Dr. Andrea Amalfitano, Duke University Medical Center (USA) made a presentation entitled “Therapy for GSD-II; Enzyme based therapeutics and novel gene therapy approaches.”
(see research from Duke June 25, 1999 & Aug. 3, 1999)
Dr. A.T. van der Ploeg, Sophia Children’s Hospital Rotterdam, The Netherlands, gave her presentation entitled “Enzyme therapy for Pompe’s disease” on the last day of the conference.
see Phase II Juvenile Trials Underway in Netherlands, July 4, 1999
Presentations were also made by industry representatives:
“A Transgenic Approach to Enzyme Replacement Therapy in Pompe Patients” was jointly made by A. Vos, Ph.D., Pharming/Genzyme LLC (Netherlands); J. Dalle, MSc, Pharming NV (Belgium); A. Curtis, MBA, Genzyme Corp (USA).
“The Challenges of rhGAA Manufacture ” was the title of the presentation made by Blythe Devlin,Ph.D., Synpac (N.C.) Inc.

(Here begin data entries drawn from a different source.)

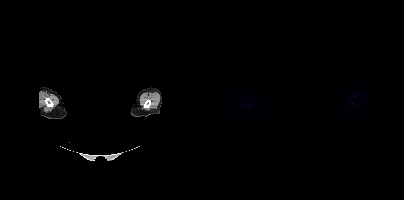
Face de-identified by blanking a block of the head.
No tumor lesions annotated on this slice.
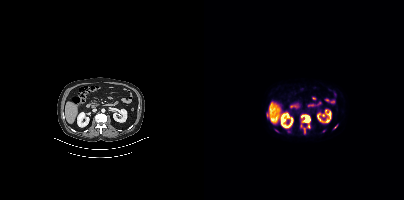
Left: CT. Right: PSMA PET, same axial level, [18F]PSMA-1007 tracer. Slice 155 of 367.
Coordinates are on the 200×200 PET (right) panel. PSMA-avid tumor lesion bounding boxes (partial; 3 more foci not listed):
| # | x0 | y0 | x1 | y1 |
|---|---|---|---|---|
| 1 | 97 | 115 | 106 | 122 |
| 2 | 100 | 129 | 101 | 133 |
Small PSMA-avid focus (2 to 4 px across) near (center x, center y): (63, 114).
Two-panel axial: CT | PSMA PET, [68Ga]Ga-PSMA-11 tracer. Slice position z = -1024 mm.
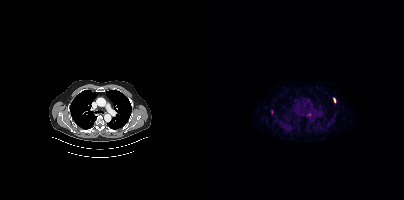
Coordinates are on the 200×200 PET (right) panel. PSMA-avid tumor lesion bounding box (x0,y0,x1,y1): [129,98,131,102].
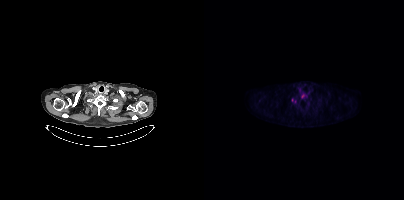
modality: PSMA PET/CT | tracer: 18F-PSMA | view: axial | PET grid: 200×200
Coordinates are on the 200×200 PET (right) panel. PSMA-avid tumor lesion bounding boxes (x, y, width, height): x=97 y=94 w=7 h=5; x=87 y=98 w=6 h=6.
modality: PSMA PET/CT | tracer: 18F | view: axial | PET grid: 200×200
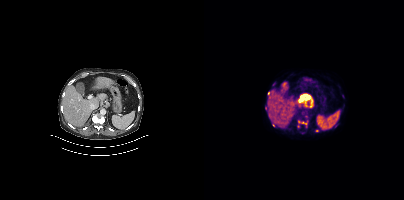
Coordinates are on the 200×200 PET (right) panel. (showing 1 of 3 foci) Small PSMA-avid focus (2 to 4 px across) near (center x, center y): (101, 123).
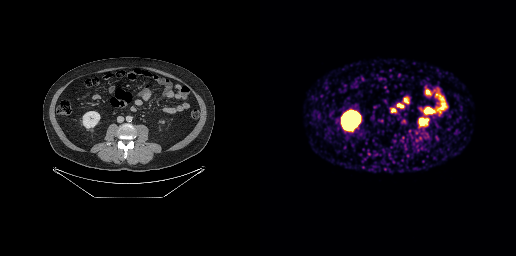
Technique: Paired axial CT (left) and PSMA PET (right), 68Ga-PSMA tracer. slice 140 of 299.
Findings: No tumor lesions annotated on this slice.
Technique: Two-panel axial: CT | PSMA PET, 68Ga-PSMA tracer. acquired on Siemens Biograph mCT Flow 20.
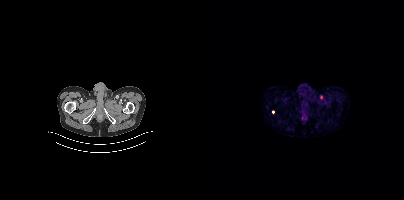
Findings: Coordinates are on the 200×200 PET (right) panel. (showing 1 of 2 foci) Small PSMA-avid focus (2 to 4 px across) near (center x, center y): (68, 111).
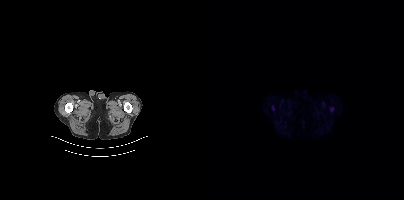
- Paired axial CT (left) and PSMA PET (right), 18F-PSMA tracer
- acquired on Siemens Biograph mCT Flow 20
Findings: Coordinates are on the 200×200 PET (right) panel. Small PSMA-avid focus (2 to 4 px across) near (center x, center y): (127, 109).
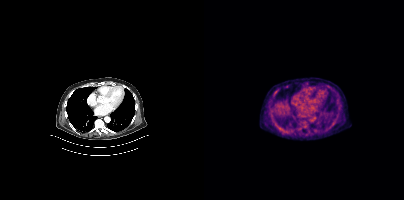
Findings: No tumor lesions annotated on this slice.
Technique: Left: CT. Right: PSMA PET, same axial level, 18F-PSMA tracer. PET panel 200×200 px (4.1 mm/px).
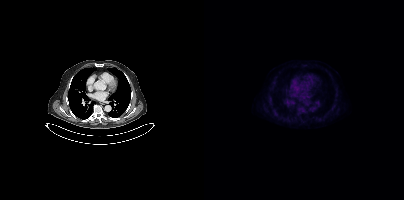
- Two-panel axial: CT | PSMA PET, 18F-PSMA tracer
Findings: No tumor lesions annotated on this slice.
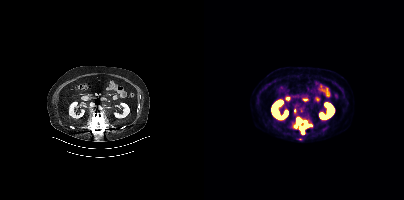
Left: CT. Right: PSMA PET, same axial level, 18F tracer. PET panel 200×200 px (4.1 mm/px).
Coordinates are on the 200×200 PET (right) panel. PSMA-avid tumor lesion bounding boxes (partial; 1 more focus not listed):
| # | x0 | y0 | x1 | y1 |
|---|---|---|---|---|
| 1 | 90 | 117 | 107 | 132 |
Small PSMA-avid foci (2 to 4 px across) near (center x, center y): (90, 110); (101, 121).
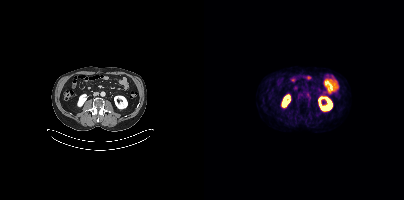
{"pet_grid":[200,200],"coord_frame":"pet_panel","coord_format":"x0,y0,x1,y1","psma_avid_lesions":false,"modality":"PSMA PET/CT","view":"axial","tracer":"18F"}
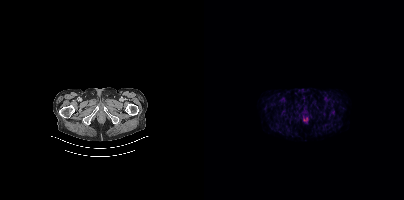
modality: PSMA PET/CT | tracer: 18F-PSMA | view: axial | PET grid: 200×200
Negative for PSMA-avid disease on this slice.
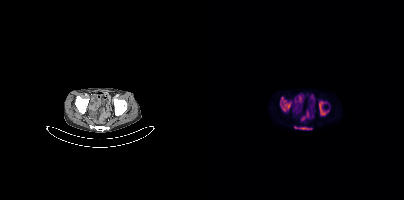
Coordinates are on the 200×200 PET (right) panel. PSMA-avid tumor lesion bounding boxes (x0, y0)-(x1, y1): (76, 97)-(86, 111) | (115, 101)-(124, 115) | (90, 126)-(108, 129).
modality: PSMA PET/CT | tracer: [18F]PSMA-1007 | view: axial
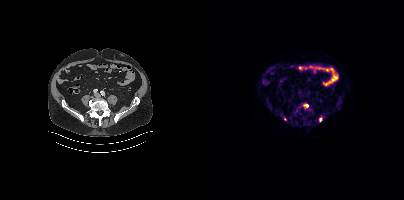
{"modality":"PSMA PET/CT","view":"axial","tracer":"[18F]PSMA-1007","pet_grid":[200,200],"coord_frame":"pet_panel","coord_format":"x0,y0,x1,y1","lesion_bboxes":[],"small_foci_centers":[[116,119],[81,119],[103,105]]}
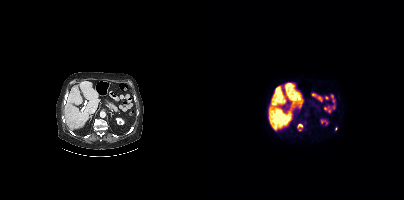
Coordinates are on the 200×200 PET (right) panel. (showing 1 of 2 foci) PSMA-avid tumor lesion bounding box (x, y, width, height): x=94 y=124 w=6 h=5.
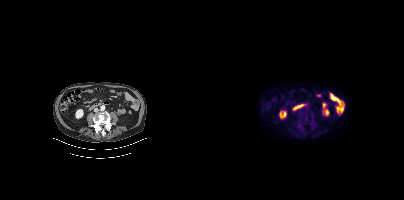
Only PSMA-avid lesion pieces thinner than 2 px on this slice (not listed). Left: CT. Right: PSMA PET, same axial level, [18F]PSMA-1007 tracer.
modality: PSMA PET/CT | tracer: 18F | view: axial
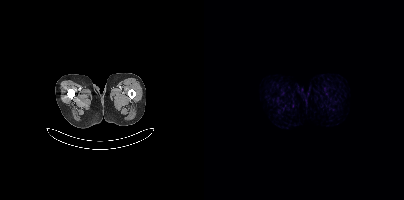
Negative for PSMA-avid disease on this slice.
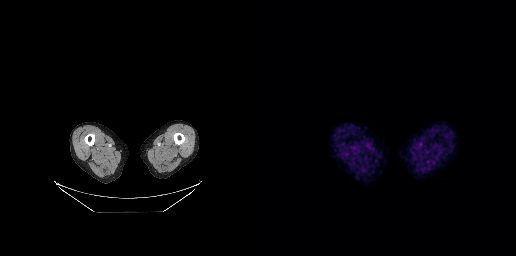
{"modality":"PSMA PET/CT","view":"axial","tracer":"[68Ga]Ga-PSMA-11","pet_grid":[256,256],"coord_frame":"pet_panel","coord_format":"x0,y0,x1,y1","psma_avid_lesions":false}
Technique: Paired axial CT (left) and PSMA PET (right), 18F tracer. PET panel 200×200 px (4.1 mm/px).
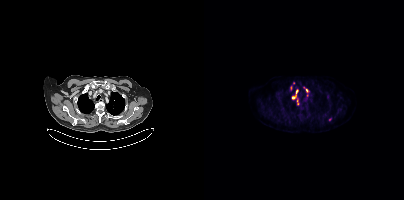
Findings: Coordinates are on the 200×200 PET (right) panel. PSMA-avid tumor lesion bounding box (x0, y0)-(x1, y1): (93, 100)-(94, 104). Small PSMA-avid foci (2 to 4 px across) near (center x, center y): (87, 87) / (89, 97) / (89, 82) / (102, 90) / (92, 91).
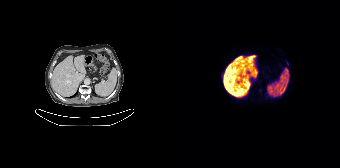
{"pet_grid":[168,168],"coord_frame":"pet_panel","coord_format":"x0,y0,x1,y1","psma_avid_lesions":false,"modality":"PSMA PET/CT","view":"axial","tracer":"18F"}
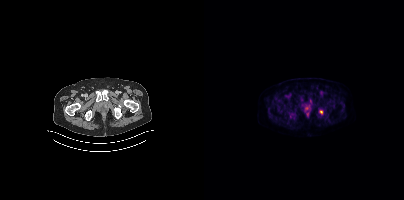
Coordinates are on the 200×200 PET (right) panel. Small PSMA-avid foci (2 to 4 px across) near (center x, center y): (117, 112) (106, 101).
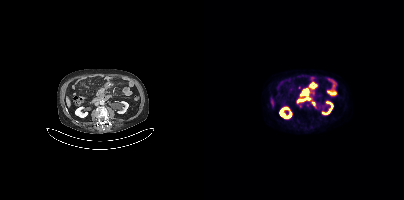
Coordinates are on the 200×200 PET (right) panel. (showing 3 of 4 foci) PSMA-avid tumor lesion bounding boxes (x, y, width, height): x=98 y=89 w=8 h=6 | x=106 y=82 w=7 h=7. Small PSMA-avid focus (2 to 4 px across) near (center x, center y): (103, 105).
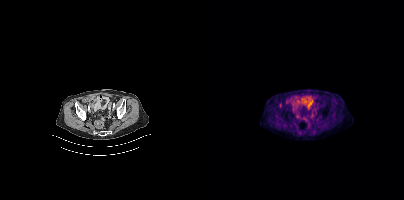
This slice has no annotated PSMA-avid lesion.
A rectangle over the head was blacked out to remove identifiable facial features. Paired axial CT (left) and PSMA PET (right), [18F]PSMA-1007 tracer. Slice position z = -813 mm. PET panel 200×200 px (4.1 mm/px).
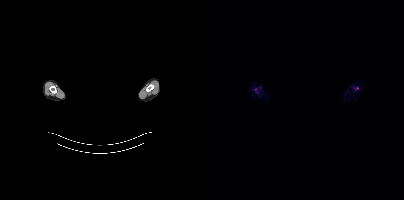
Coordinates are on the 200×200 PET (right) panel. PSMA-avid tumor lesion bounding boxes:
| # | x0 | y0 | x1 | y1 |
|---|---|---|---|---|
| 1 | 150 | 87 | 154 | 90 |
Small PSMA-avid focus (2 to 4 px across) near (center x, center y): (51, 88).
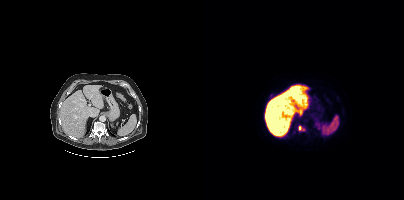
modality: PSMA PET/CT | tracer: 18F-PSMA | view: axial
Coordinates are on the 200×200 PET (right) panel. PSMA-avid tumor lesion bounding box (x, y, width, height): x=94 y=126 w=4 h=5. Small PSMA-avid focus (2 to 4 px across) near (center x, center y): (99, 129).
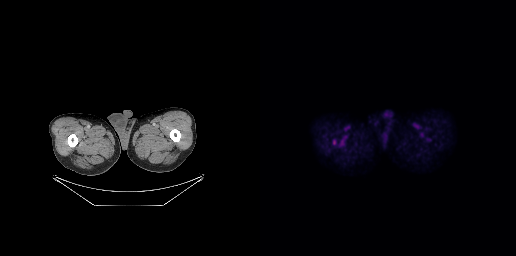
This slice has no annotated PSMA-avid lesion.
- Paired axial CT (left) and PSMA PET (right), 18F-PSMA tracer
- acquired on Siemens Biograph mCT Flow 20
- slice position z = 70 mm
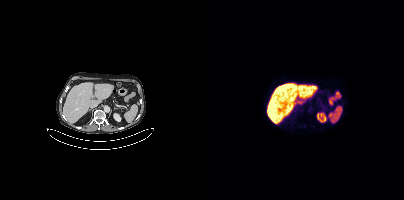
Findings: No tumor lesions annotated on this slice.
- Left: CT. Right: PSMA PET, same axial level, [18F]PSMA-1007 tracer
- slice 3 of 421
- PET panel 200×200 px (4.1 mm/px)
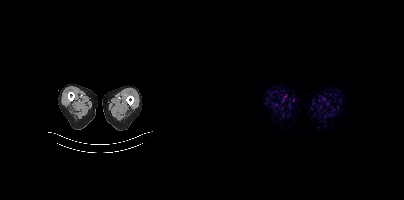
Findings: Negative for PSMA-avid disease on this slice.
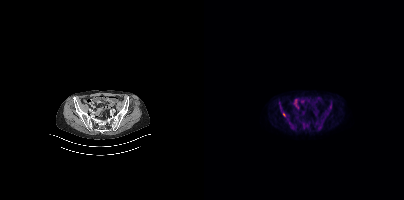
{"modality":"PSMA PET/CT","view":"axial","tracer":"18F-PSMA","pet_grid":[200,200],"coord_frame":"pet_panel","coord_format":"x0,y0,x1,y1","lesion_bboxes":[],"small_foci_centers":[[79,114]]}
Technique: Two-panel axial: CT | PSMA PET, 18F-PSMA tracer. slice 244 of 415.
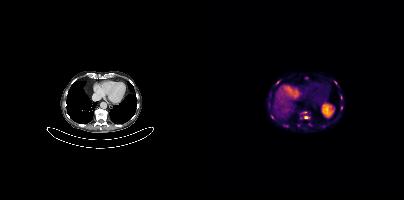
Findings: Coordinates are on the 200×200 PET (right) panel. (showing 6 of 8 foci) PSMA-avid tumor lesion bounding box (x, y, width, height): x=100 y=116 w=6 h=3. Small PSMA-avid foci (2 to 4 px across) near (center x, center y): (68, 116) | (137, 97) | (137, 107) | (74, 82) | (100, 112).
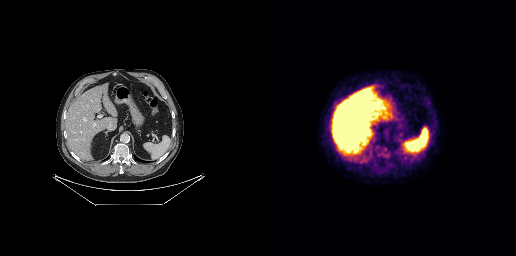
Findings: No PSMA-avid tumor lesions on this slice.
- Left: CT. Right: PSMA PET, same axial level, 18F tracer
- PET panel 256×256 px (2.7 mm/px)
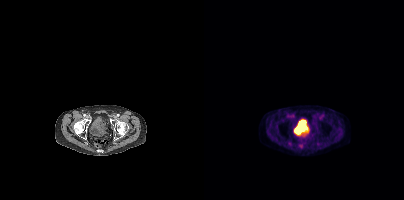
Paired axial CT (left) and PSMA PET (right), 18F tracer. Slice position z = -386 mm. PET panel 200×200 px (4.1 mm/px). Coordinates are on the 200×200 PET (right) panel. Small PSMA-avid focus (2 to 4 px across) near (center x, center y): (100, 136).
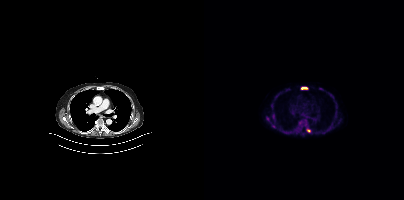
Paired axial CT (left) and PSMA PET (right), 18F-PSMA tracer. Slice position z = -1105 mm. Coordinates are on the 200×200 PET (right) panel. (showing 6 of 8 foci) PSMA-avid tumor lesion bounding boxes (x0,y0,x1,y1): [67,113,71,120]; [97,87,103,89]; [101,123,103,127]. Small PSMA-avid foci (2 to 4 px across) near (center x, center y): (104, 130); (96, 122); (63, 118).
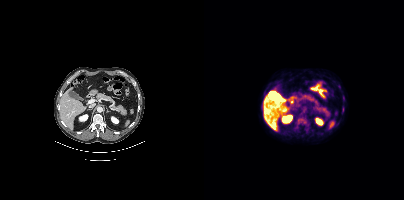
{"modality":"PSMA PET/CT","view":"axial","tracer":"18F-PSMA","pet_grid":[200,200],"coord_frame":"pet_panel","coord_format":"x0,y0,x1,y1","psma_avid_lesions":false}
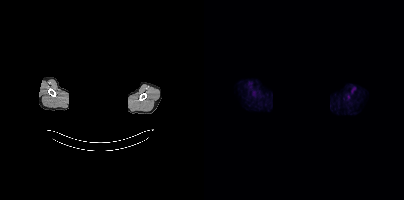
{"modality":"PSMA PET/CT","view":"axial","tracer":"18F-PSMA","pet_grid":[200,200],"coord_frame":"pet_panel","coord_format":"x0,y0,x1,y1","deidentification":"privacy mask over head","lesion_bboxes":[],"small_foci_centers":[[144,96]]}
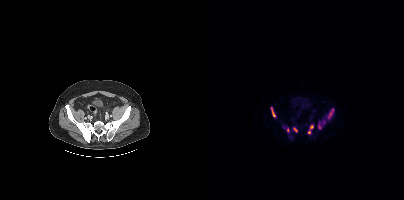
Coordinates are on the 200×200 PET (right) panel. (showing 7 of 8 foci) PSMA-avid tumor lesion bounding boxes (x, y, width, height): x=124 y=109 w=6 h=10 | x=67 y=107 w=5 h=11 | x=89 y=127 w=5 h=6 | x=106 y=125 w=4 h=5. Small PSMA-avid foci (2 to 4 px across) near (center x, center y): (105, 132) | (115, 125) | (84, 129).
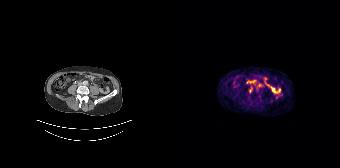
Left: CT. Right: PSMA PET, same axial level, 68Ga tracer. Acquired on Siemens Biograph 64-4R TruePoint. Slice position z = -794 mm. PET panel 168×168 px (4.1 mm/px). Only PSMA-avid lesion pieces thinner than 2 px on this slice (not listed).
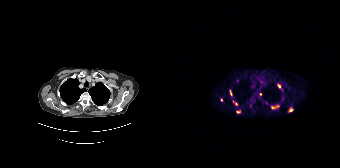
Coordinates are on the 168×168 PET (right) panel. PSMA-avid tumor lesion bounding boxes (x0,y0,x1,y1): [99,105,106,108]; [58,90,60,95]; [61,101,65,104]. Small PSMA-avid foci (2 to 4 px across) near (center x, center y): (118, 109); (66, 111); (107, 86); (88, 94); (49, 99).
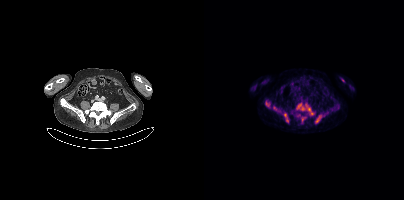
{"modality":"PSMA PET/CT","view":"axial","tracer":"18F-PSMA","pet_grid":[200,200],"coord_frame":"pet_panel","coord_format":"x0,y0,x1,y1","partial":true,"lesion_bboxes":[[92,103,110,115],[111,115,118,123],[79,113,84,122],[61,101,66,107],[69,106,73,110],[97,117,101,121]]}
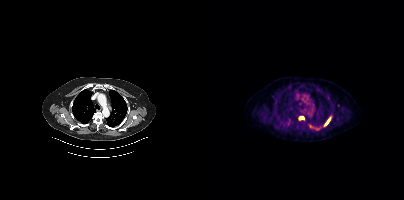
Coordinates are on the 200×200 PET (right) panel. (showing 3 of 4 foci) PSMA-avid tumor lesion bounding boxes (x0, y0)-(x1, y1): (120, 117)-(126, 125) | (106, 125)-(116, 130) | (95, 116)-(99, 119).
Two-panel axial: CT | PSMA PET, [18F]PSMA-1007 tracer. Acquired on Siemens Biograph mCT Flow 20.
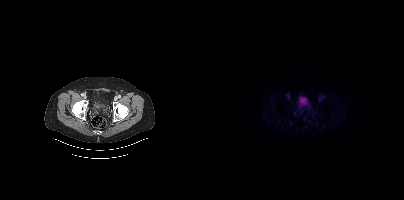
This slice has no annotated PSMA-avid lesion.
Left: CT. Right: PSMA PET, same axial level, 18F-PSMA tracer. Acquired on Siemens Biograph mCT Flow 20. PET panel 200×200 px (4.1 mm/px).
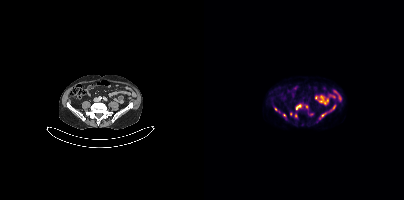
Coordinates are on the 200×200 PET (right) panel. (showing 7 of 8 foci) PSMA-avid tumor lesion bounding boxes (x, y, width, height): x=115 y=104 w=17 h=15 | x=92 y=104 w=6 h=6. Small PSMA-avid foci (2 to 4 px across) near (center x, center y): (71, 108) | (102, 106) | (80, 115) | (91, 115) | (86, 113).
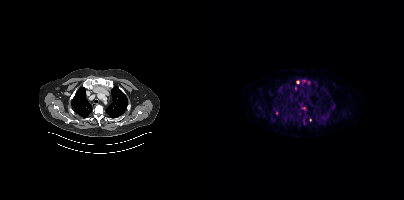
{"modality":"PSMA PET/CT","view":"axial","tracer":"18F-PSMA","pet_grid":[200,200],"coord_frame":"pet_panel","coord_format":"x0,y0,x1,y1","partial":true,"lesion_bboxes":[[97,117,104,125],[84,114,93,122],[127,105,131,109],[122,94,126,97],[97,107,101,110]],"small_foci_centers":[[95,114],[99,81],[105,82],[93,82],[106,119],[76,87],[125,113]]}
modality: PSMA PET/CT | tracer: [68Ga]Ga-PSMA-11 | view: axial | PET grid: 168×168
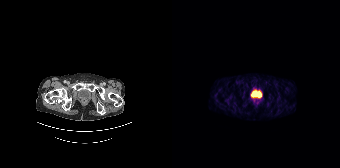
This slice has no annotated PSMA-avid lesion.
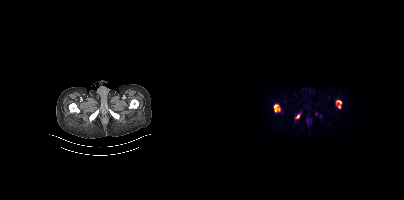
Two-panel axial: CT | PSMA PET, 68Ga-PSMA tracer. Acquired on Siemens Biograph mCT Flow 20. PET panel 200×200 px (4.1 mm/px). No tumor lesions annotated on this slice.
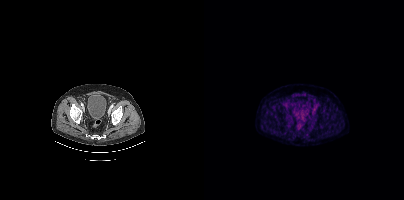
No tumor lesions annotated on this slice.
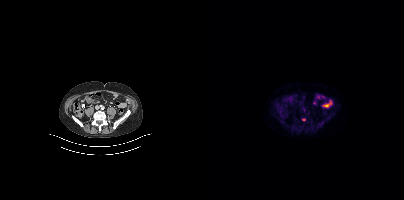
Technique: Paired axial CT (left) and PSMA PET (right), 18F-PSMA tracer. acquired on Siemens Biograph mCT Flow 20. PET panel 200×200 px (4.1 mm/px).
Findings: Only PSMA-avid lesion pieces thinner than 2 px on this slice (not listed).
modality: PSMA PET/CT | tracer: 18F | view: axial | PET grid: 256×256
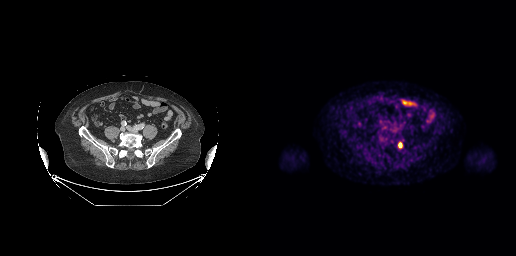
Coordinates are on the 256×256 PET (right) panel. PSMA-avid tumor lesion bounding box (x0,y0,x1,y1): [138,141,142,148].
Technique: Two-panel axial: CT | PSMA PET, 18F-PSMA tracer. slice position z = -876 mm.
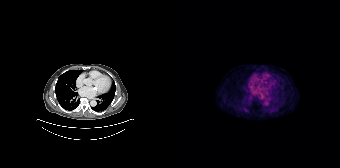
Findings: No PSMA-avid tumor lesions on this slice.
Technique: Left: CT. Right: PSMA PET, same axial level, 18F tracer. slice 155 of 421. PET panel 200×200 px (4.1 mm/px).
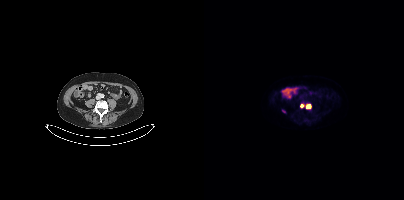
Findings: Coordinates are on the 200×200 PET (right) panel. PSMA-avid tumor lesion bounding box (x0,y0,x1,y1): [102,104,107,108]. Small PSMA-avid focus (2 to 4 px across) near (center x, center y): (98, 105).

Patient organization presentations included the following:
“Knowledge is power” and “The importance of good information,” Kevin O’Donnell, Ph.D., AGSD (UK);
“Forming a national Pompe group, our experience,” Marylyn House, AMDA (USA);
“The International Pompe Association, position, objectives, policy and activities,” Ysbrand Poortman, VSN (Netherlands); “Developments in the area of Pompe’s disease,” Haske van Veenendal, VSN (Netherlands);
“Funding treatment before the government subsidy approvals,” Robert Morrison, MDA (Australia);
“Legal procedures regarding the International Pompe Association,” Helmut Erny, SHG Glycogenose Deutschland eV(Germany)
Maryze Schoneveld van der Linde, representative of VSN, presented a moving autobiographical portrait of a Pompe patient’s endurance of this progressive debilitating disease. Maryze has struggled with the juvenile form of the disease for over 20 years. She was diagnosed with the disease at the age of 8. Her speech was entitled “From patient initiative to treatment.”
Ria Broekgaarden, VSN, and Randall House, AMDA, co-chaired the second day’s events. Thomas Schaller, SHG Glykogenose Deutschland (Germany) chaired the final day’s session.
A closed session to formulate and discuss IPA objectives was co-chaired by Randall House and Ysbrand Poortman and included only members of patient groups. Mr. House summarized the committee report at the general meeting on the final day.